Portuguese logician (born 1951)

Maria Cristina De Sales Viana Serôdio Sernadas (born 1951) is a Portuguese mathematical logician whose research topics have included object-oriented specification languages and logics for information systems, and the use of category theory in the combination ("fibring") of multiple types of logic. She is Professor for Logic and Computation in the Department of Mathematics of the Technical University of Lisbon.

==Education and career==
Sernadas studied mathematics at the University of Lisbon, graduating in 1973, and earned a Ph.D. in mathematics in 1980 from the University of London. Her doctoral dissertation, Multivariate Branching Processes, concerned branching processes in probability theory, and was supervised by statistician D. J. Bartholomew.
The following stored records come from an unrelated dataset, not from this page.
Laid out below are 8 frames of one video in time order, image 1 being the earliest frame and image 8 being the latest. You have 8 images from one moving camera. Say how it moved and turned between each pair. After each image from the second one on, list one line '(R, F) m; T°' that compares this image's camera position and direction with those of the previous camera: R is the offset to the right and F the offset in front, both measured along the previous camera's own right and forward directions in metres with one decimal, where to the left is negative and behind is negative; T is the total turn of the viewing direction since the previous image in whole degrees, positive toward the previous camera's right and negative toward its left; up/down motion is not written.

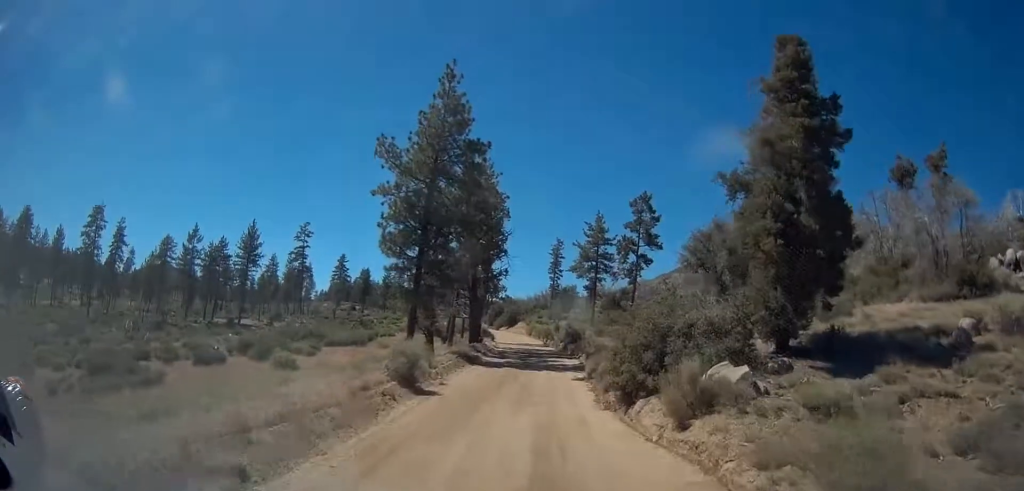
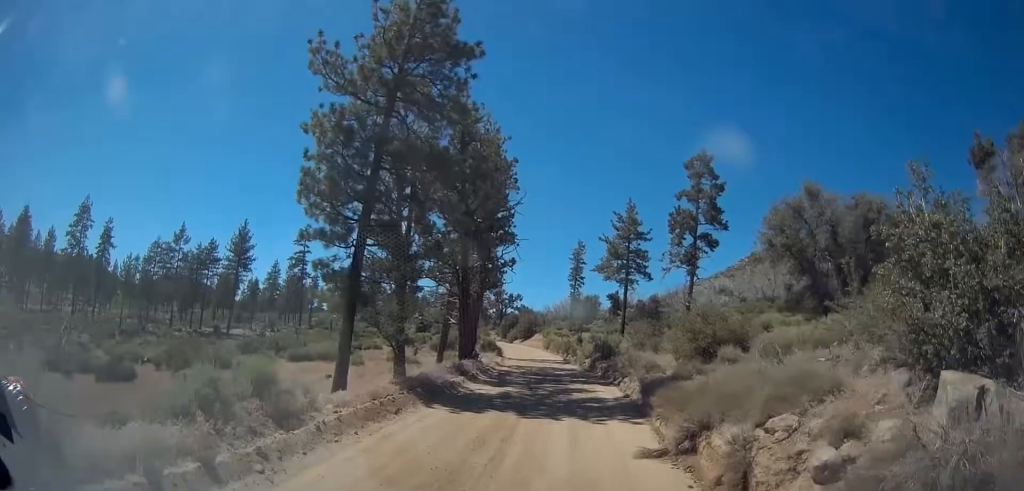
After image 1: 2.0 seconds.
(+0.2, +13.1) m; +2°
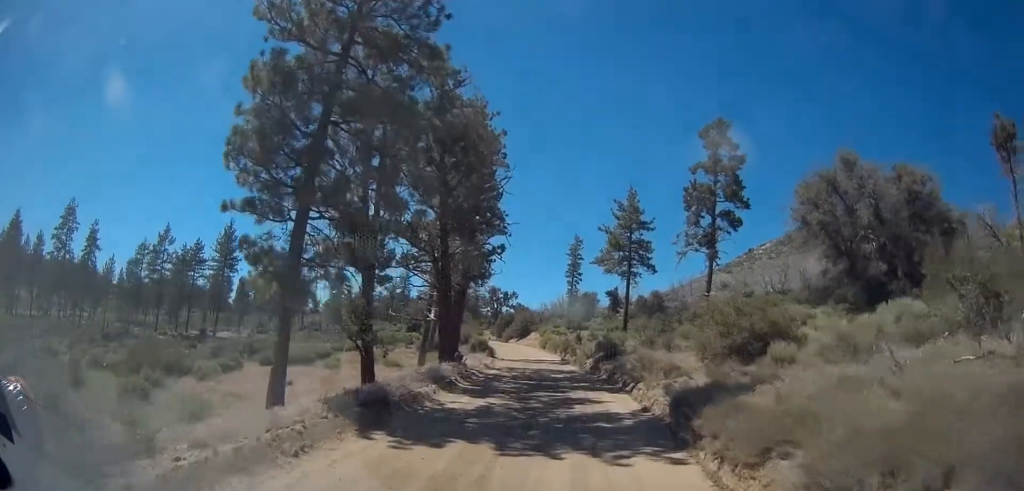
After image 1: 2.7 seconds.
(+0.1, +4.7) m; +1°
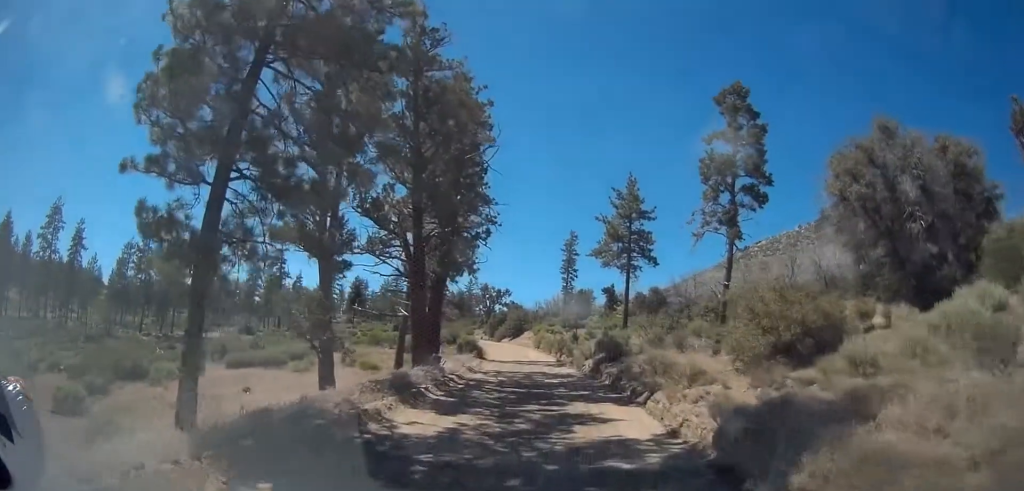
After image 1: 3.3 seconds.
(-0.5, +4.1) m; 0°
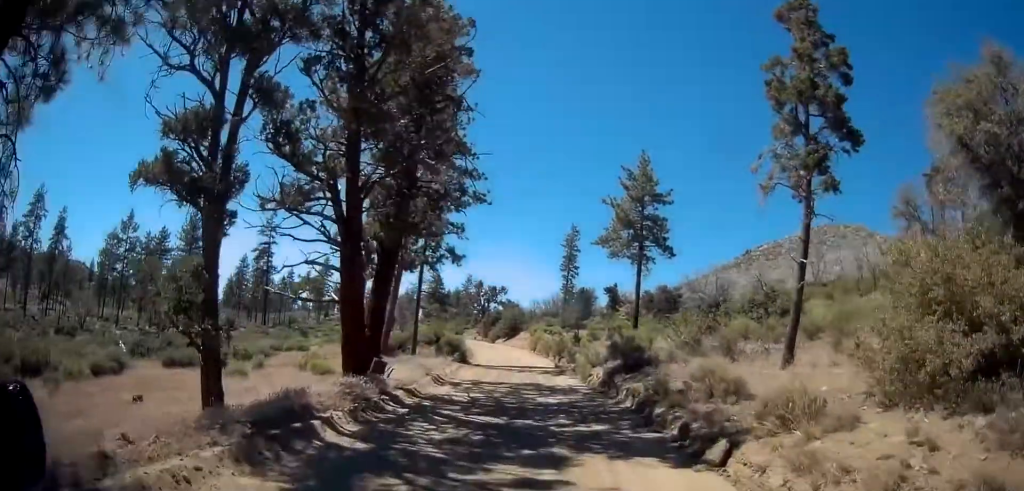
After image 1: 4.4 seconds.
(+0.7, +7.7) m; 0°
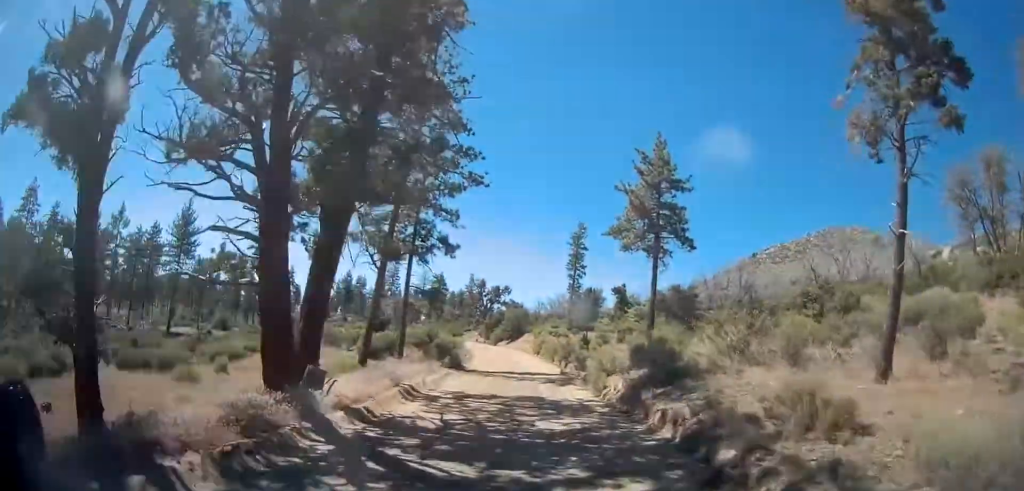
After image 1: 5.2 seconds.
(-0.6, +4.9) m; 0°
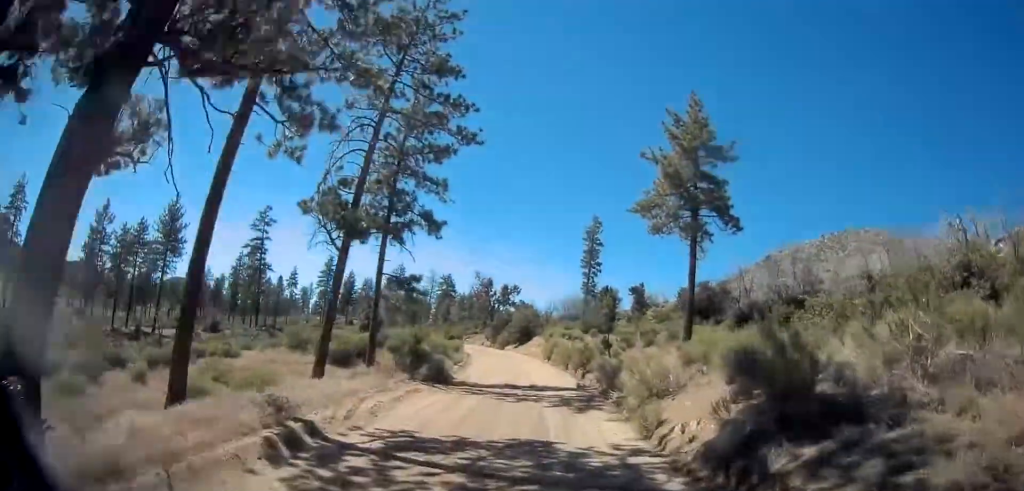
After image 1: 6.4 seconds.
(+0.5, +8.1) m; 0°
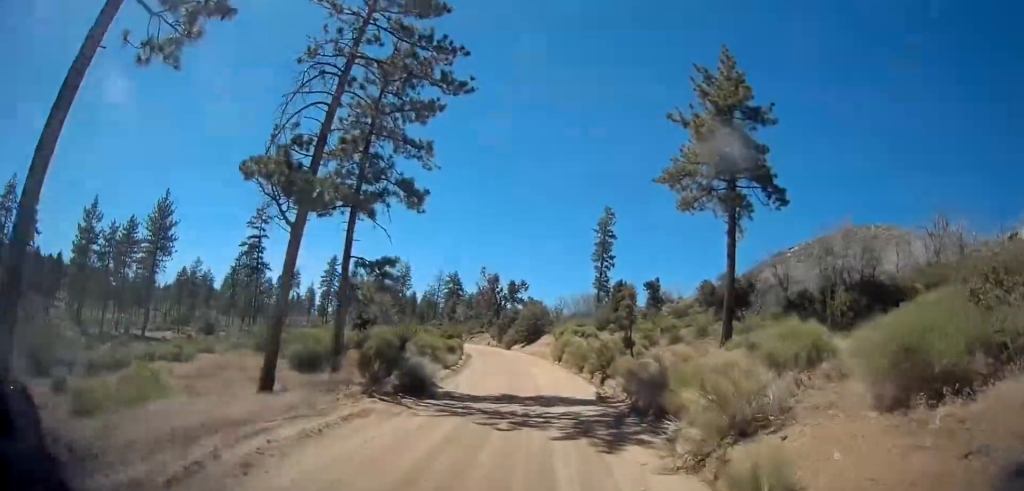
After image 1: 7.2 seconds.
(-0.6, +5.8) m; -4°
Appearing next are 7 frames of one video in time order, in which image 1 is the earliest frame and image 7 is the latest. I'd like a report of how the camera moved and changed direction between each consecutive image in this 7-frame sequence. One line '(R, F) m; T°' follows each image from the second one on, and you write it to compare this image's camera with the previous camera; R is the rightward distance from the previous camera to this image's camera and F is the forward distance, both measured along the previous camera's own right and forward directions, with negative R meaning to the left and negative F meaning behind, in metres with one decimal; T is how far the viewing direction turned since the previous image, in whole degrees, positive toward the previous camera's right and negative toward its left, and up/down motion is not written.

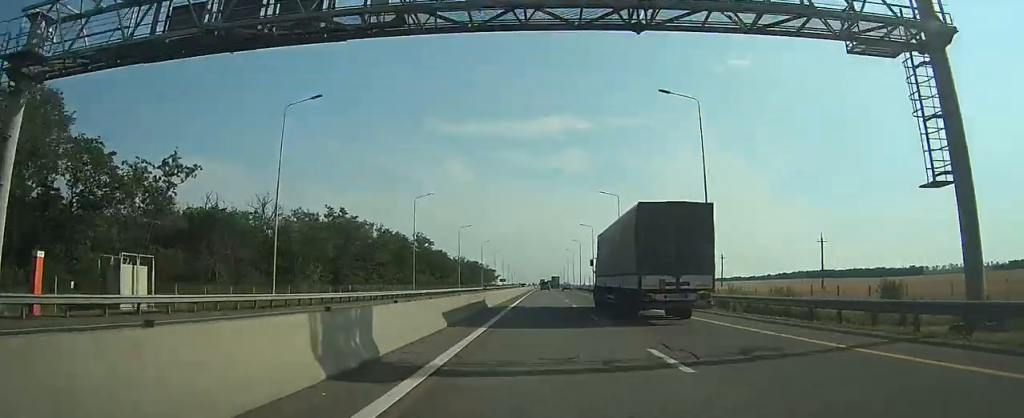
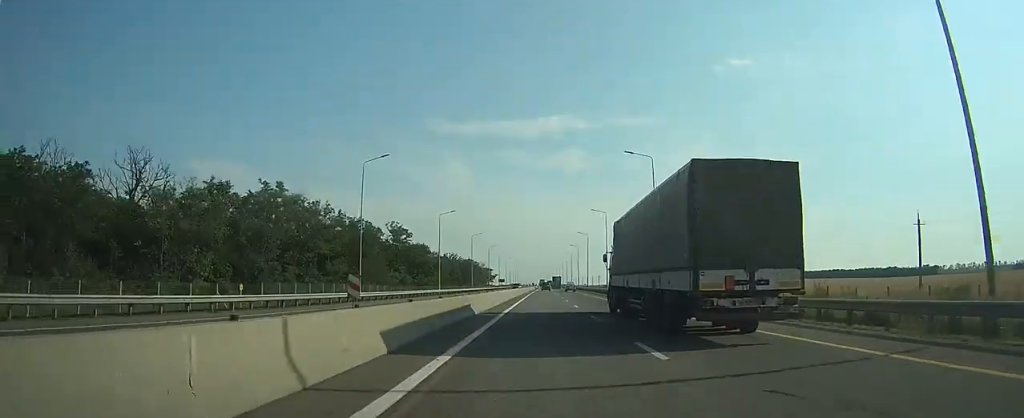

In 1988 she completed a habilitation (agregação) at the Technical University of Lisbon, and became a full professor there in 1993.

==Books==
Sernadas's books include:
- Introdução à Teoria da Computação (Introduction to the Theory of Computing, Editorial Presença, 1993)
- Introdução à Programação em Mathematica (Introduction to Programming in Mathematica, with J. Carmo, A. Sernadas, F. M. Dionísio, and C. Caleiro, IST Press, 1999; 2nd ed., 2004; 3rd ed., 2014)
- Foundations of Logic and Theory of Computation (with A. Sernadas, College Publications, 2008; 2nd ed., 2012)
- Analysis and Synthesis of Logics: How To Cut And Paste Reasoning Systems (with W. A. Carnielli, M. E. Coniglio, D. Gabbay, and P. Gouveia, Springer, 2008)
- A Mathematical Primer on Computability (with A. Sernadas, J. Rasga and J. Ramos, College Publications, 2018)
- A Mathematical Primer on Linear Optimization (with D. Gomes, A. Sernadas, J. Rasga and P. Mateus, College Publications, 2019)
- Decidability of Logical Theories and Their Combination (with J. Rasga, Springer, 2020)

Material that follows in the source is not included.